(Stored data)
"""

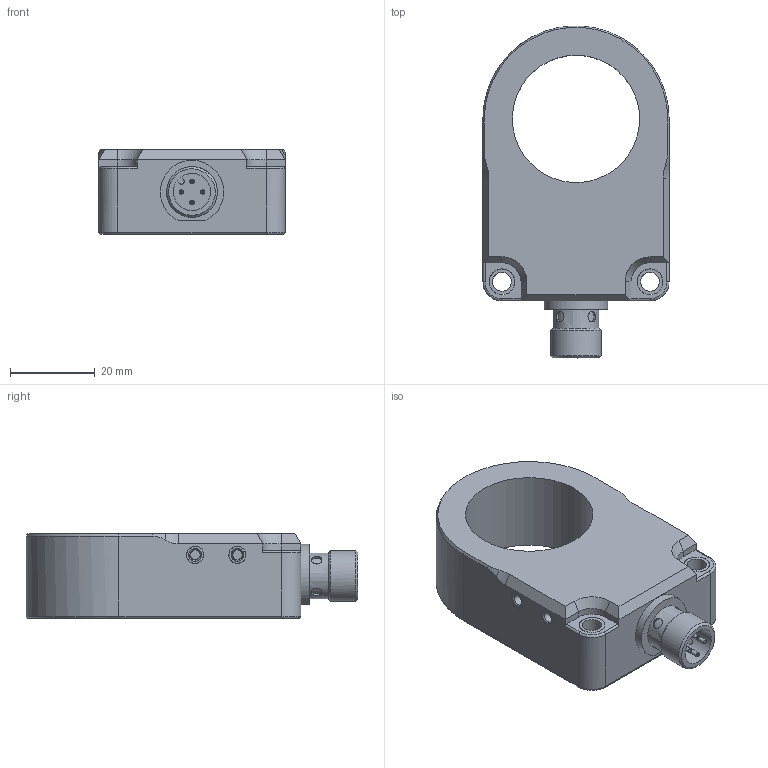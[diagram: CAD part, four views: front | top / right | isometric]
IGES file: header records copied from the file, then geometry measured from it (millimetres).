
Global section: file name: IRSD30G3-B4; native system: Autodesk Inventor 2022; preprocessor: unknown; author: S. Sandt; organization: di-soric GmbH & Co. KG; date: 20230321.093858; units: millimetre
Bounding box: 44 x 78.47 x 20 mm (x, y, z)
Volume: 37554.4 mm3; surface area: 12663.7 mm2
Topology: 3 solids, 4 shells, 227 faces, 661 edges, 441 vertices
Faces by surface type: bspline 227

"""

▶ To do
At the line containing "IGES file: header", start copying. Continue exactly through the final line of the entries above and stop there.

▶ Task answer
IGES file: header records copied from the file, then geometry measured from it (millimetres).
Global section: file name: IRSD30G3-B4; native system: Autodesk Inventor 2022; preprocessor: unknown; author: S. Sandt; organization: di-soric GmbH & Co. KG; date: 20230321.093858; units: millimetre
Bounding box: 44 x 78.47 x 20 mm (x, y, z)
Volume: 37554.4 mm3; surface area: 12663.7 mm2
Topology: 3 solids, 4 shells, 227 faces, 661 edges, 441 vertices
Faces by surface type: bspline 227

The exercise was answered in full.